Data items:
* * * * * * *
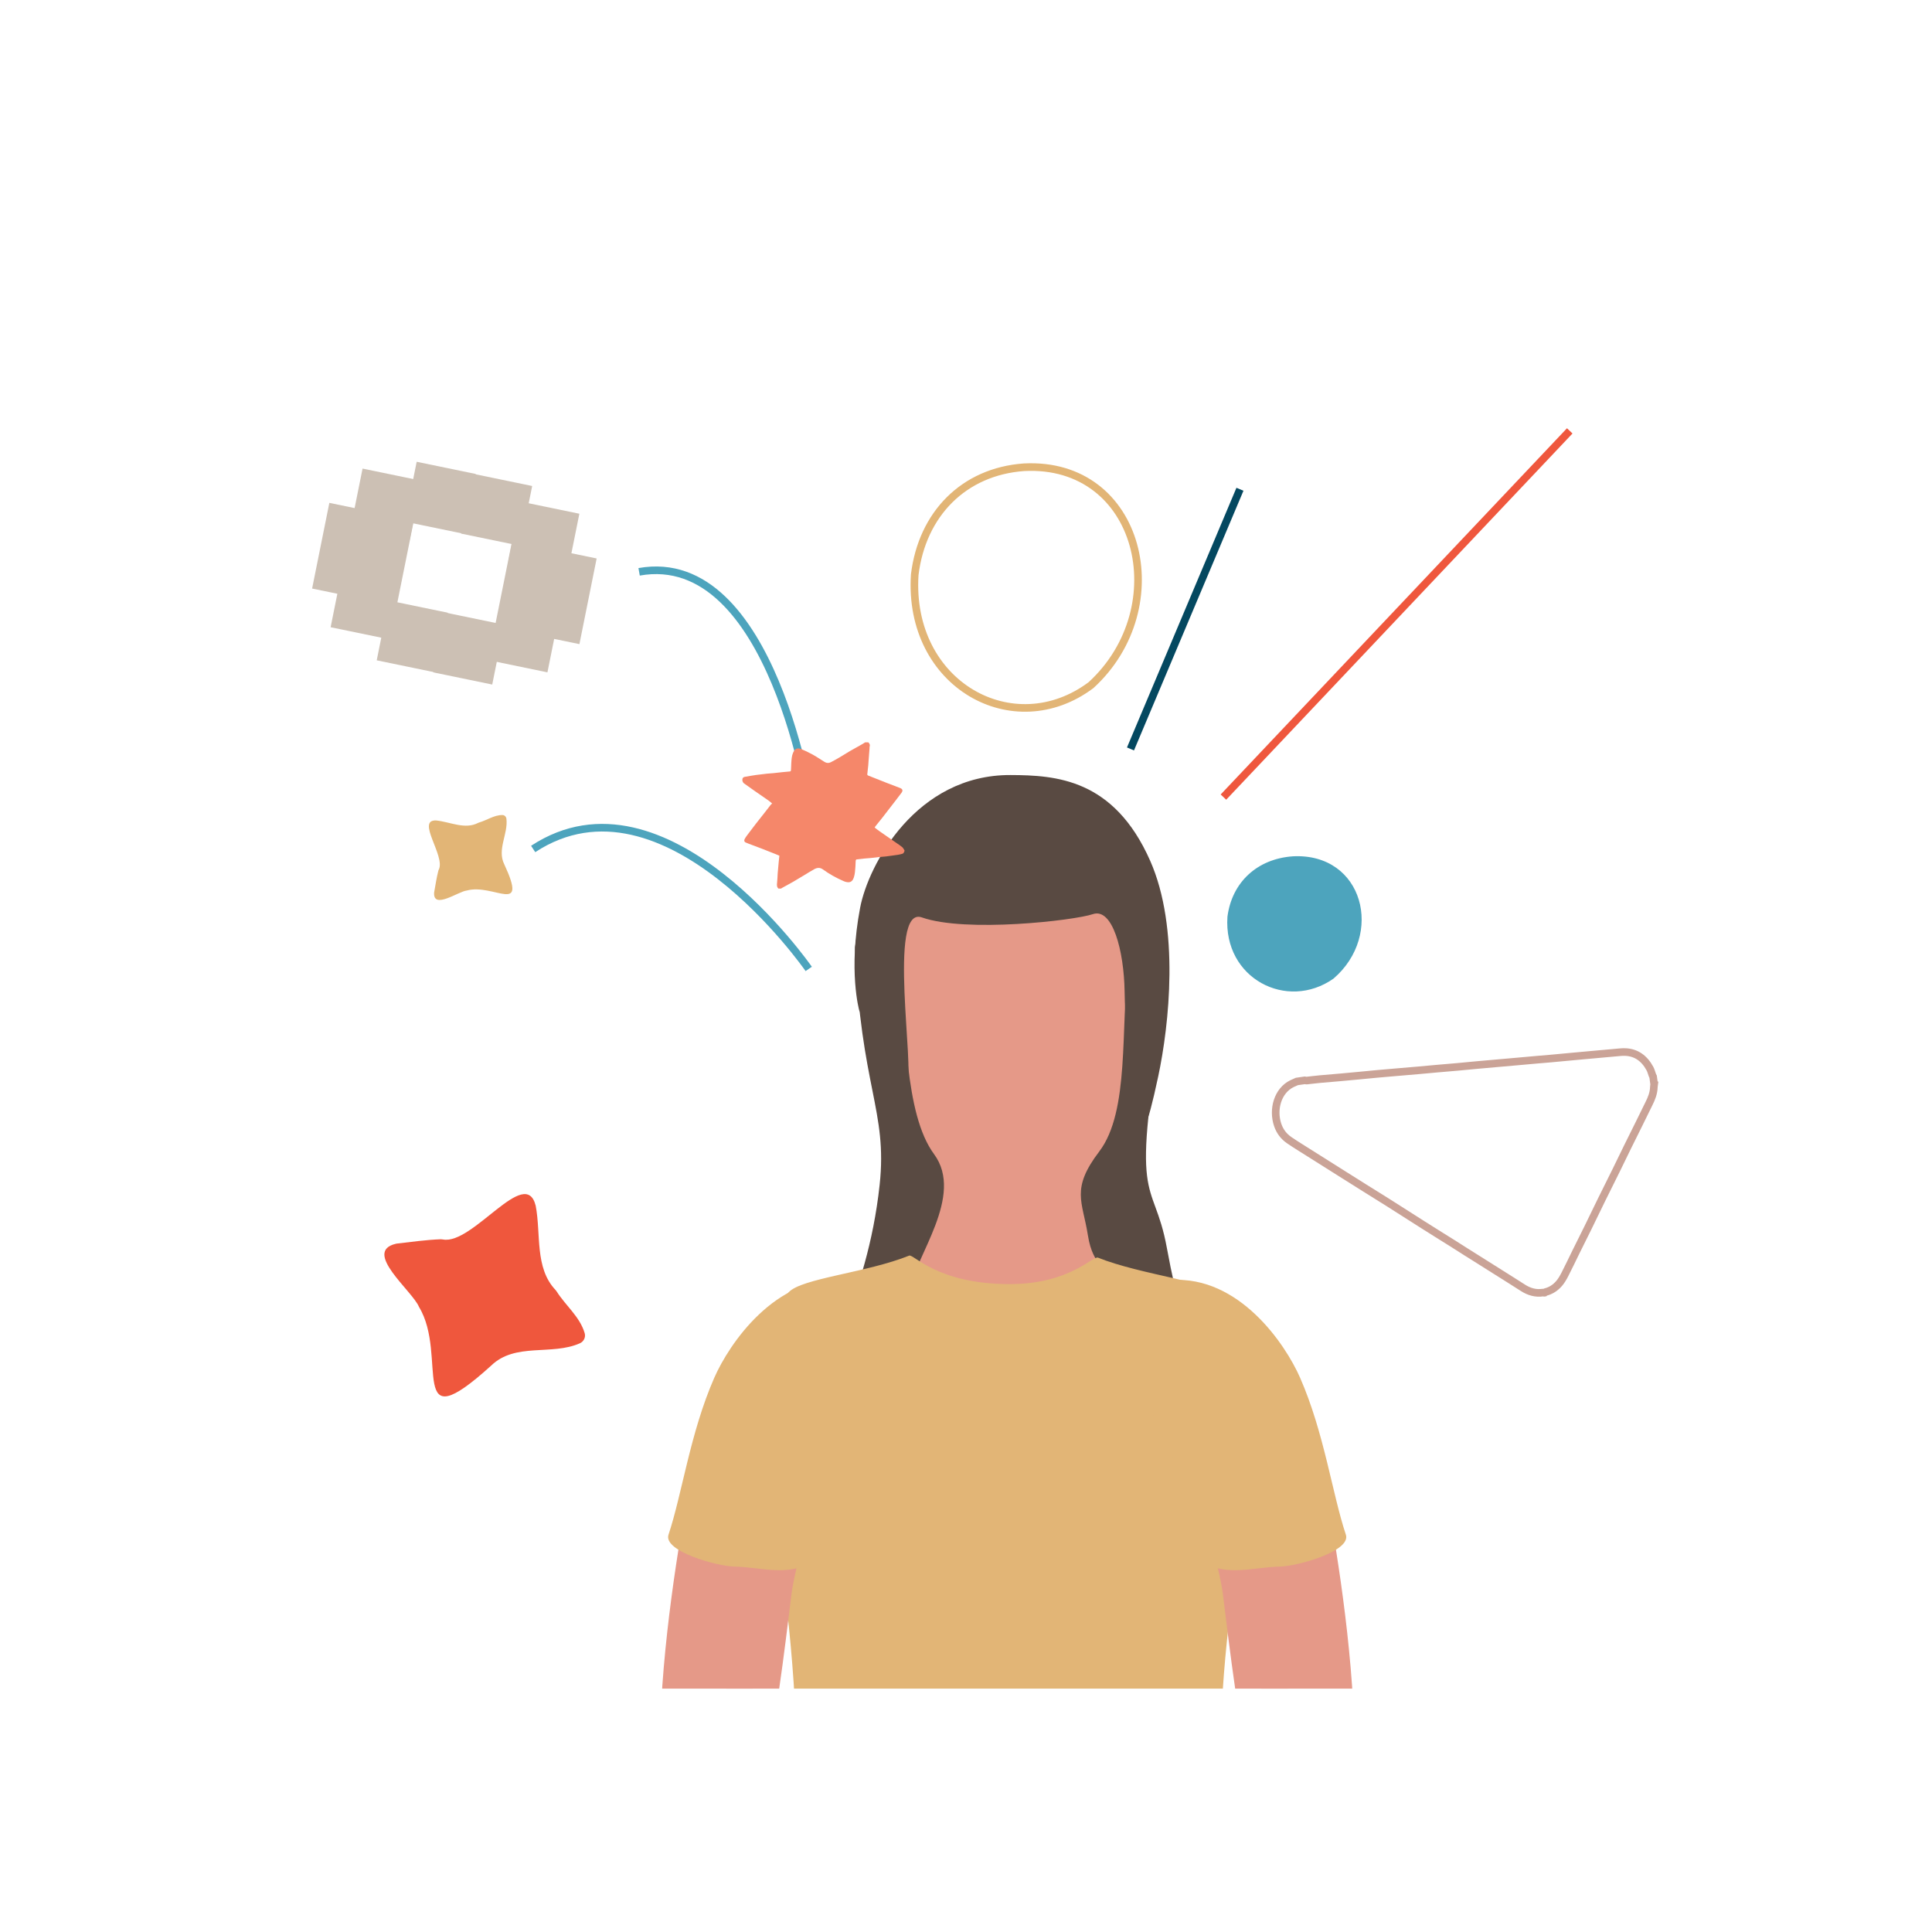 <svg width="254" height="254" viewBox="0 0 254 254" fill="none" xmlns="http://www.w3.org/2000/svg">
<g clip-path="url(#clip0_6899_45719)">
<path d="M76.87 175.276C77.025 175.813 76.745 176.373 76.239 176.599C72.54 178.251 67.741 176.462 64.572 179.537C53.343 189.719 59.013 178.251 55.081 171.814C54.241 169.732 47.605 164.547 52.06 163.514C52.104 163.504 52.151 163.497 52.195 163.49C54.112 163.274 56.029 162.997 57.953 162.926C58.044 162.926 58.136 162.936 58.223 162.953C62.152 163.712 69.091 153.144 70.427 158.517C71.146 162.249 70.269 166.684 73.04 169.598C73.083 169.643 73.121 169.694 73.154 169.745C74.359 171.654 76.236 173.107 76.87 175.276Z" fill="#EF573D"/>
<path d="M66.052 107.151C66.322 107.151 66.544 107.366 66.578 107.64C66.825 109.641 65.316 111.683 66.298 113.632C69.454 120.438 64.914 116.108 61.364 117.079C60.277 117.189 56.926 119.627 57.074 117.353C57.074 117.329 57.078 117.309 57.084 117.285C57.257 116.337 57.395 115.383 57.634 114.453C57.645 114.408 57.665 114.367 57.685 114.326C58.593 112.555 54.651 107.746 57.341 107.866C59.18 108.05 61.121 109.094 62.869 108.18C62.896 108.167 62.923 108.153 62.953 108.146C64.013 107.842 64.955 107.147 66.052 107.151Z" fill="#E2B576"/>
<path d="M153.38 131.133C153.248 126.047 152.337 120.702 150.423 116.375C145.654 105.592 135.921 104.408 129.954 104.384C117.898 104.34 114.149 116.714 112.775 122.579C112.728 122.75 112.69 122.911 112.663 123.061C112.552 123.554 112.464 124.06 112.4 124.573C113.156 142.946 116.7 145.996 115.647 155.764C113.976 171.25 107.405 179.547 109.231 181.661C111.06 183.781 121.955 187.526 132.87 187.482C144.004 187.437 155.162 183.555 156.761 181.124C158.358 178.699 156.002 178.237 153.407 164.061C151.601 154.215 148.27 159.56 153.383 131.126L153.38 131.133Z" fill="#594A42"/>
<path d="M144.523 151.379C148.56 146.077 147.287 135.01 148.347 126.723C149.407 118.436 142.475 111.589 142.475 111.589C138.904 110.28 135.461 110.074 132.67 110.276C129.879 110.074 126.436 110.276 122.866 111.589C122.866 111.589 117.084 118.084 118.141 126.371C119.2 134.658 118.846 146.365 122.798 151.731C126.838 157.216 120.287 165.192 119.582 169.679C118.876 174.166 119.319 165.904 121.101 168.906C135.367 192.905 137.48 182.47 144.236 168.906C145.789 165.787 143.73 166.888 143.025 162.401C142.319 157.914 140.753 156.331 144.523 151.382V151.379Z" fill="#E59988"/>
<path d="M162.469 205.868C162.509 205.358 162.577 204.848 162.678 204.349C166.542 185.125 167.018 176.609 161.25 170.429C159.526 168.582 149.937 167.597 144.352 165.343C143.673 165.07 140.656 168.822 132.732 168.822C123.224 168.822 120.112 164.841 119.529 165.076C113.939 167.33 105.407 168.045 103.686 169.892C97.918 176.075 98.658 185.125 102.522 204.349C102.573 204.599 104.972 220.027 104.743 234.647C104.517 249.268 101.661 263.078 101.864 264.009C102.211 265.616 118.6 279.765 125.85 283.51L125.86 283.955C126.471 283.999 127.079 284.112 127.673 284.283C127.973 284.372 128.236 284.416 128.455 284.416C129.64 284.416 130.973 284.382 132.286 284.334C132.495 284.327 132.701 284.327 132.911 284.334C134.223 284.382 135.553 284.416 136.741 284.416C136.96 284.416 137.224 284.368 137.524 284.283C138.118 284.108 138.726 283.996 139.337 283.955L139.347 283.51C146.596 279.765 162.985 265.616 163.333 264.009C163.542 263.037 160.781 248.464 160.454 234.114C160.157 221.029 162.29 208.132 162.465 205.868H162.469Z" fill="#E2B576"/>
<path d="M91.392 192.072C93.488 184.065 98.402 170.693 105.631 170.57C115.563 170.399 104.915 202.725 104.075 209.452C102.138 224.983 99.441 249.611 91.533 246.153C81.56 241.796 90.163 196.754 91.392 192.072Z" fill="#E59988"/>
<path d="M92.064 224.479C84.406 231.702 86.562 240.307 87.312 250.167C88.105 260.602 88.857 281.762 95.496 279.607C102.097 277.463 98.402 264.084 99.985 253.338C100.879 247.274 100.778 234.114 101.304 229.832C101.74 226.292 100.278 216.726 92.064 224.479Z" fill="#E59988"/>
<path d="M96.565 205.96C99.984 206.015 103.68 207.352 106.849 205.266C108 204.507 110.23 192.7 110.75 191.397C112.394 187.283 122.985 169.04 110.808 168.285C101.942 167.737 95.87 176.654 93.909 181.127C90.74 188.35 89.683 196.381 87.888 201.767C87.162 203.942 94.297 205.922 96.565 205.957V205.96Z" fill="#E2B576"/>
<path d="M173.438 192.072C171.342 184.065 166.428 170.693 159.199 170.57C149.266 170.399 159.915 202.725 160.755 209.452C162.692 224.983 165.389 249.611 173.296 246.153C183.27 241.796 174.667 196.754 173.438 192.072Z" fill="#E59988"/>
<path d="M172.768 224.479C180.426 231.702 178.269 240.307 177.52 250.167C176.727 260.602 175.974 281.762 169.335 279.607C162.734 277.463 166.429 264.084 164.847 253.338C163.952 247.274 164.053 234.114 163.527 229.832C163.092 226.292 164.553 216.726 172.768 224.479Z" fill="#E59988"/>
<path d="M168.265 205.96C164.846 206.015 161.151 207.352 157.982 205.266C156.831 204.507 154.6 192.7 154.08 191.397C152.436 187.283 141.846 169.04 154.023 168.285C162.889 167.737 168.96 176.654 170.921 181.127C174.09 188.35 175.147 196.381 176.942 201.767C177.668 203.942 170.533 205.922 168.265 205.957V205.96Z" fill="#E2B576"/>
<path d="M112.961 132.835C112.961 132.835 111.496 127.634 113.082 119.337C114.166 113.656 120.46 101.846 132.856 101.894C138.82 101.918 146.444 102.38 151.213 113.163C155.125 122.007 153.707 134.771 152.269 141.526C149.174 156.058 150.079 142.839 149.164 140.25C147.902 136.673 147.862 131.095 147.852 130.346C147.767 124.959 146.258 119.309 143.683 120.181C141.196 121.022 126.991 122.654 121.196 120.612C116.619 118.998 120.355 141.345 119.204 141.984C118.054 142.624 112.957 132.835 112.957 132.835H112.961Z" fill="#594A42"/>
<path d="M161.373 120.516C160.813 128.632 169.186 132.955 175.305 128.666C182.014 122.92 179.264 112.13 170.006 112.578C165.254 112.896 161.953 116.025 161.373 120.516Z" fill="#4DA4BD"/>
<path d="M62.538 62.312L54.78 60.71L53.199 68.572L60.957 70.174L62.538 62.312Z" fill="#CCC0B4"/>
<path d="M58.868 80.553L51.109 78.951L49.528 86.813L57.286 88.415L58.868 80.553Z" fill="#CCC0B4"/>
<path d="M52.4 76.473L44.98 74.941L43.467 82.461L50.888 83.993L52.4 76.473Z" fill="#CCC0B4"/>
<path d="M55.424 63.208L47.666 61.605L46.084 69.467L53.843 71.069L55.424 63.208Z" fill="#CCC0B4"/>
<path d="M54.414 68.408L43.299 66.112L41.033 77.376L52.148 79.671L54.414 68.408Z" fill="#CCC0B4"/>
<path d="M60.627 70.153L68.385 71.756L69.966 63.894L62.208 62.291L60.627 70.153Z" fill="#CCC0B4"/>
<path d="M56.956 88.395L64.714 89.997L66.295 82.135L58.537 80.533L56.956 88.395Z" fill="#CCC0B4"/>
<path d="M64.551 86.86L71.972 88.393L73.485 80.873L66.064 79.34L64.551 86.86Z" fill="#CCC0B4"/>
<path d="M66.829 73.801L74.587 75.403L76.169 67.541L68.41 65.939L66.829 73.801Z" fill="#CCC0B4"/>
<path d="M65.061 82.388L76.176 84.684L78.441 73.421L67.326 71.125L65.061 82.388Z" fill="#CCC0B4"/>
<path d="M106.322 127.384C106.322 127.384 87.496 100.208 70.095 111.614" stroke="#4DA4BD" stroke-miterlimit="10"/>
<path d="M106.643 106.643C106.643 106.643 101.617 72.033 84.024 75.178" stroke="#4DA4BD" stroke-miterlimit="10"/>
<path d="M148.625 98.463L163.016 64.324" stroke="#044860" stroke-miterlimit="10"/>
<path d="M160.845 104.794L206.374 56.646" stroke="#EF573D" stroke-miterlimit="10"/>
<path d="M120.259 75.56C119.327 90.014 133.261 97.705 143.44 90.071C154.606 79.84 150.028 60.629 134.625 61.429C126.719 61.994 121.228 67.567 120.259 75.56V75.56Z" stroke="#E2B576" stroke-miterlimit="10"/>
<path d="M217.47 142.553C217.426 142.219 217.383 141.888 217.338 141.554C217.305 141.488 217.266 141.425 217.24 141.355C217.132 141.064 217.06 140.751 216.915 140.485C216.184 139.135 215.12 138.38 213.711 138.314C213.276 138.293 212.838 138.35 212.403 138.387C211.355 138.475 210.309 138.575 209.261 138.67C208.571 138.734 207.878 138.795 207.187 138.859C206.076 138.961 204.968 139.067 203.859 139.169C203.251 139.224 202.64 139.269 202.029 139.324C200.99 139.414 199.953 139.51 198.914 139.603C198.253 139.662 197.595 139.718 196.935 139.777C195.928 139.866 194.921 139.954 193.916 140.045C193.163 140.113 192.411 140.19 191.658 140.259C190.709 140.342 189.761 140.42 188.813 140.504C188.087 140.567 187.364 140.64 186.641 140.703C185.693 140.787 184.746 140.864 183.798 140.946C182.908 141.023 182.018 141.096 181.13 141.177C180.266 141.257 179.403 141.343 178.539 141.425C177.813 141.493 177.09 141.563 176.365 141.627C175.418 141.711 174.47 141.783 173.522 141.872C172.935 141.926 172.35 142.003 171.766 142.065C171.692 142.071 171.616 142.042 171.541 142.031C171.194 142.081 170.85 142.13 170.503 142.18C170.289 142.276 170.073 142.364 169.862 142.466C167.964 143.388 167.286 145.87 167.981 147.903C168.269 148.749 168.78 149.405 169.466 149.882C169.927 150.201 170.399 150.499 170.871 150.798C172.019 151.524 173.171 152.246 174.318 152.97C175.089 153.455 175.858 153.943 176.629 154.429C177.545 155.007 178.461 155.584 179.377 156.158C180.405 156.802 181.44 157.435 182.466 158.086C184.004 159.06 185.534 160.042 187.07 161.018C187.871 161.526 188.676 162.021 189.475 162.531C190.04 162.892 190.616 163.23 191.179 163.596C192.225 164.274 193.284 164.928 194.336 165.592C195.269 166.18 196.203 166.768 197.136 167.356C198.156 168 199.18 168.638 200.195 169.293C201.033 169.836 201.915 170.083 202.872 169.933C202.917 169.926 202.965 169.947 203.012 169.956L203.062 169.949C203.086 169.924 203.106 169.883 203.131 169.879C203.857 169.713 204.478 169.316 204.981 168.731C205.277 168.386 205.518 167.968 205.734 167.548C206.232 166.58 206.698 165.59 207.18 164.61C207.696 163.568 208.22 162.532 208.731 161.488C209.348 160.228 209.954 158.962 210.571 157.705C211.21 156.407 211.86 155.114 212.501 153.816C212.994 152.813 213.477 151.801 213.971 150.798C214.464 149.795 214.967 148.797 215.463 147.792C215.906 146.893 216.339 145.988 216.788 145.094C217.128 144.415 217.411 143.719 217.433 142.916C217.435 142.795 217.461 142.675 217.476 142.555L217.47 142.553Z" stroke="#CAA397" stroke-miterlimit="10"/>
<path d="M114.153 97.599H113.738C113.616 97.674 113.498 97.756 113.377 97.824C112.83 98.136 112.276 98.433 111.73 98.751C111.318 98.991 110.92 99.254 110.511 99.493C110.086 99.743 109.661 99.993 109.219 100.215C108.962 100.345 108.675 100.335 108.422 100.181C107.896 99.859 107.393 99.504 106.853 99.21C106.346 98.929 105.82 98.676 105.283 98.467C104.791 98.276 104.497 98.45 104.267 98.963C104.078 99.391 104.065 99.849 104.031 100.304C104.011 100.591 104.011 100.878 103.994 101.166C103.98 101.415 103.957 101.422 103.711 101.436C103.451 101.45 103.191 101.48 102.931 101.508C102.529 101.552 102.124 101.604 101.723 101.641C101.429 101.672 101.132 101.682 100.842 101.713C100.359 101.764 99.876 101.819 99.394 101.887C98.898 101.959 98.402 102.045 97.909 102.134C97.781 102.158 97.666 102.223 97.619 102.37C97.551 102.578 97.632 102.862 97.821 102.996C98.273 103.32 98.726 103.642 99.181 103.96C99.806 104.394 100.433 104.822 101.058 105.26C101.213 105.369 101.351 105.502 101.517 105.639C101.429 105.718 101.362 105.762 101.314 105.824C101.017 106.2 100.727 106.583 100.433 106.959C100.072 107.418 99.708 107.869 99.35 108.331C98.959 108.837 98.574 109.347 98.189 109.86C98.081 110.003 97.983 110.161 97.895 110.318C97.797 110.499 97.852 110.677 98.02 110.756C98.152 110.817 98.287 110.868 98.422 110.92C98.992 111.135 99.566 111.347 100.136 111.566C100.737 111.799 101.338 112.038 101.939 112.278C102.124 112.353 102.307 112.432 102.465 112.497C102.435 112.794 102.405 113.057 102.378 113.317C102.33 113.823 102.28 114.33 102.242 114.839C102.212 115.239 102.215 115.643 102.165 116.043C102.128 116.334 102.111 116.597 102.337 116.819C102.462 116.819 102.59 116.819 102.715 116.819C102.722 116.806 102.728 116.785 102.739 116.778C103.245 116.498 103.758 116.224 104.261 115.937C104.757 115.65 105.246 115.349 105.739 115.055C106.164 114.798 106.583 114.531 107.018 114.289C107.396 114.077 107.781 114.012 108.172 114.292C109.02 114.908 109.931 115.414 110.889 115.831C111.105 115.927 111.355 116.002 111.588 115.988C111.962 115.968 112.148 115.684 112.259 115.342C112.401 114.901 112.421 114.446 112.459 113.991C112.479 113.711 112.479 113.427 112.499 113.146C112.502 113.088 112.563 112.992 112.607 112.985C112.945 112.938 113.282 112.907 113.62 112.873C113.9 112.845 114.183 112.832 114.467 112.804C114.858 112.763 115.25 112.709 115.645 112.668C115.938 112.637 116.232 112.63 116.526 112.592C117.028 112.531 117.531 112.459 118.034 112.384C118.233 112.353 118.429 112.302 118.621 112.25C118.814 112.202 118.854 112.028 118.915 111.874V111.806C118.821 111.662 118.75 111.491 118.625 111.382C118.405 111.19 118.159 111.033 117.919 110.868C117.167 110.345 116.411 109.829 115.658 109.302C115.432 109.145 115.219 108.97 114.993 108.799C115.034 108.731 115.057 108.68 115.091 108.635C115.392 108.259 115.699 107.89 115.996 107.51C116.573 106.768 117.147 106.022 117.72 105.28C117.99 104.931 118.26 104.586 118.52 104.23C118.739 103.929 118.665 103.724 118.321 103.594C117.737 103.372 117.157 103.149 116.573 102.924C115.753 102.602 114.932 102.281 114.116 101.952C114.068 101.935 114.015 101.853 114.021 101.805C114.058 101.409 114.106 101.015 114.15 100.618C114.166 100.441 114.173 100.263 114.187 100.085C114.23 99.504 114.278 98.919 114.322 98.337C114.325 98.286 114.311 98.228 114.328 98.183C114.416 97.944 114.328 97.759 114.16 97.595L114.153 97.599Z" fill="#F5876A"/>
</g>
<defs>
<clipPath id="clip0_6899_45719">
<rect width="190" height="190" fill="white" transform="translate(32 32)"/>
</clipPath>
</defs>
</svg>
* * * * * * *
[Problem details] Report every line of the records that contains the word "clipPath".

[Task response]
<clipPath id="clip0_6899_45719">
</clipPath>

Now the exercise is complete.